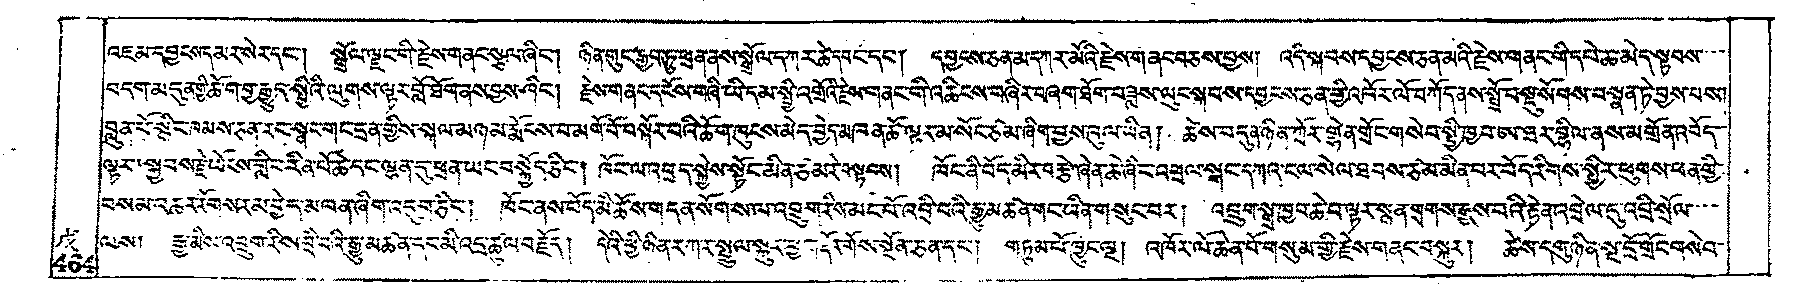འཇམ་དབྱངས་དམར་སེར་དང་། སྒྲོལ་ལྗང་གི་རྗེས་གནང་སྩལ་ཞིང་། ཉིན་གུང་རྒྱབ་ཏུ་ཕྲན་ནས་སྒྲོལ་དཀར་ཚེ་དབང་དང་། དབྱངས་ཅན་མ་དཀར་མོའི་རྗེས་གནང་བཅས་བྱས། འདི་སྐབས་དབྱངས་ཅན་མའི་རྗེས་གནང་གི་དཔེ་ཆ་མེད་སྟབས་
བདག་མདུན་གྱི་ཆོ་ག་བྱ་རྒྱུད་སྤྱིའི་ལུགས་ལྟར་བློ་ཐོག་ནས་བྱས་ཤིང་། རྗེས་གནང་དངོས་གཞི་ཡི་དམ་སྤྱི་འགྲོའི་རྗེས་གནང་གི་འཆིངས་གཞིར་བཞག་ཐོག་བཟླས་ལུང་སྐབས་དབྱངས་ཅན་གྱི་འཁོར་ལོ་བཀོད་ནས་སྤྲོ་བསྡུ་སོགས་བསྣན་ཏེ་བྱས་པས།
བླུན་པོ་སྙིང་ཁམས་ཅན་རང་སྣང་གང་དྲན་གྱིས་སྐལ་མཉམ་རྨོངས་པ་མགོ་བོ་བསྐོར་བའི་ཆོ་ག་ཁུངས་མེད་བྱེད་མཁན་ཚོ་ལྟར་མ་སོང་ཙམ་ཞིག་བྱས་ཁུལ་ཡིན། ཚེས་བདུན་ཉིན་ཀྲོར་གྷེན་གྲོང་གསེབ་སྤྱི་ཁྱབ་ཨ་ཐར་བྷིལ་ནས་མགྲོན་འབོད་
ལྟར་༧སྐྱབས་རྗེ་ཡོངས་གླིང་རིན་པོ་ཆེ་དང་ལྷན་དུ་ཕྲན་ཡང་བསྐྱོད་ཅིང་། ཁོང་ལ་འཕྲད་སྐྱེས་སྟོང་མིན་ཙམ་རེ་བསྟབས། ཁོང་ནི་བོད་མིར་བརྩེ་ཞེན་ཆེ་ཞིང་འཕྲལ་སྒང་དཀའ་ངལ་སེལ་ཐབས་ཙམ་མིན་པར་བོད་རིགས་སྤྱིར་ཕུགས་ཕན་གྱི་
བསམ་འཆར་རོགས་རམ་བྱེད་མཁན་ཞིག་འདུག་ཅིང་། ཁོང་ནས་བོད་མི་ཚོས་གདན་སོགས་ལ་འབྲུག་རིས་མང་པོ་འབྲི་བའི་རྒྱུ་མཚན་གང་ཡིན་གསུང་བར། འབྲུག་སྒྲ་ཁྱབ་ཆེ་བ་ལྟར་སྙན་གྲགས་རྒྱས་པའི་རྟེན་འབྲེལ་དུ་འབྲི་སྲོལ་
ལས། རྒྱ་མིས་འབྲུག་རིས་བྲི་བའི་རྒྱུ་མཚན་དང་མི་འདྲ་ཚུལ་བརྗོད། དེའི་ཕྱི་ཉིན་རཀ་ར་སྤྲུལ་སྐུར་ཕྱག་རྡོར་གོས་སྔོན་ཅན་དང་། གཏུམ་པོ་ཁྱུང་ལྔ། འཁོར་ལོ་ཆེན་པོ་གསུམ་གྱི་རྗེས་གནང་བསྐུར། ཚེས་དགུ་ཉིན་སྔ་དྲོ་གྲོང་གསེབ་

#### [PROBLEM TO WORK ON]
Leave out every picture and transcribe the remaining entries exactly.

#### [EXERCISE RESULT]
འཇམ་དབྱངས་དམར་སེར་དང་། སྒྲོལ་ལྗང་གི་རྗེས་གནང་སྩལ་ཞིང་། ཉིན་གུང་རྒྱབ་ཏུ་ཕྲན་ནས་སྒྲོལ་དཀར་ཚེ་དབང་དང་། དབྱངས་ཅན་མ་དཀར་མོའི་རྗེས་གནང་བཅས་བྱས། འདི་སྐབས་དབྱངས་ཅན་མའི་རྗེས་གནང་གི་དཔེ་ཆ་མེད་སྟབས་
བདག་མདུན་གྱི་ཆོ་ག་བྱ་རྒྱུད་སྤྱིའི་ལུགས་ལྟར་བློ་ཐོག་ནས་བྱས་ཤིང་། རྗེས་གནང་དངོས་གཞི་ཡི་དམ་སྤྱི་འགྲོའི་རྗེས་གནང་གི་འཆིངས་གཞིར་བཞག་ཐོག་བཟླས་ལུང་སྐབས་དབྱངས་ཅན་གྱི་འཁོར་ལོ་བཀོད་ནས་སྤྲོ་བསྡུ་སོགས་བསྣན་ཏེ་བྱས་པས།
བླུན་པོ་སྙིང་ཁམས་ཅན་རང་སྣང་གང་དྲན་གྱིས་སྐལ་མཉམ་རྨོངས་པ་མགོ་བོ་བསྐོར་བའི་ཆོ་ག་ཁུངས་མེད་བྱེད་མཁན་ཚོ་ལྟར་མ་སོང་ཙམ་ཞིག་བྱས་ཁུལ་ཡིན། ཚེས་བདུན་ཉིན་ཀྲོར་གྷེན་གྲོང་གསེབ་སྤྱི་ཁྱབ་ཨ་ཐར་བྷིལ་ནས་མགྲོན་འབོད་
ལྟར་༧སྐྱབས་རྗེ་ཡོངས་གླིང་རིན་པོ་ཆེ་དང་ལྷན་དུ་ཕྲན་ཡང་བསྐྱོད་ཅིང་། ཁོང་ལ་འཕྲད་སྐྱེས་སྟོང་མིན་ཙམ་རེ་བསྟབས། ཁོང་ནི་བོད་མིར་བརྩེ་ཞེན་ཆེ་ཞིང་འཕྲལ་སྒང་དཀའ་ངལ་སེལ་ཐབས་ཙམ་མིན་པར་བོད་རིགས་སྤྱིར་ཕུགས་ཕན་གྱི་
བསམ་འཆར་རོགས་རམ་བྱེད་མཁན་ཞིག་འདུག་ཅིང་། ཁོང་ནས་བོད་མི་ཚོས་གདན་སོགས་ལ་འབྲུག་རིས་མང་པོ་འབྲི་བའི་རྒྱུ་མཚན་གང་ཡིན་གསུང་བར། འབྲུག་སྒྲ་ཁྱབ་ཆེ་བ་ལྟར་སྙན་གྲགས་རྒྱས་པའི་རྟེན་འབྲེལ་དུ་འབྲི་སྲོལ་
ལས། རྒྱ་མིས་འབྲུག་རིས་བྲི་བའི་རྒྱུ་མཚན་དང་མི་འདྲ་ཚུལ་བརྗོད། དེའི་ཕྱི་ཉིན་རཀ་ར་སྤྲུལ་སྐུར་ཕྱག་རྡོར་གོས་སྔོན་ཅན་དང་། གཏུམ་པོ་ཁྱུང་ལྔ། འཁོར་ལོ་ཆེན་པོ་གསུམ་གྱི་རྗེས་གནང་བསྐུར། ཚེས་དགུ་ཉིན་སྔ་དྲོ་གྲོང་གསེབ་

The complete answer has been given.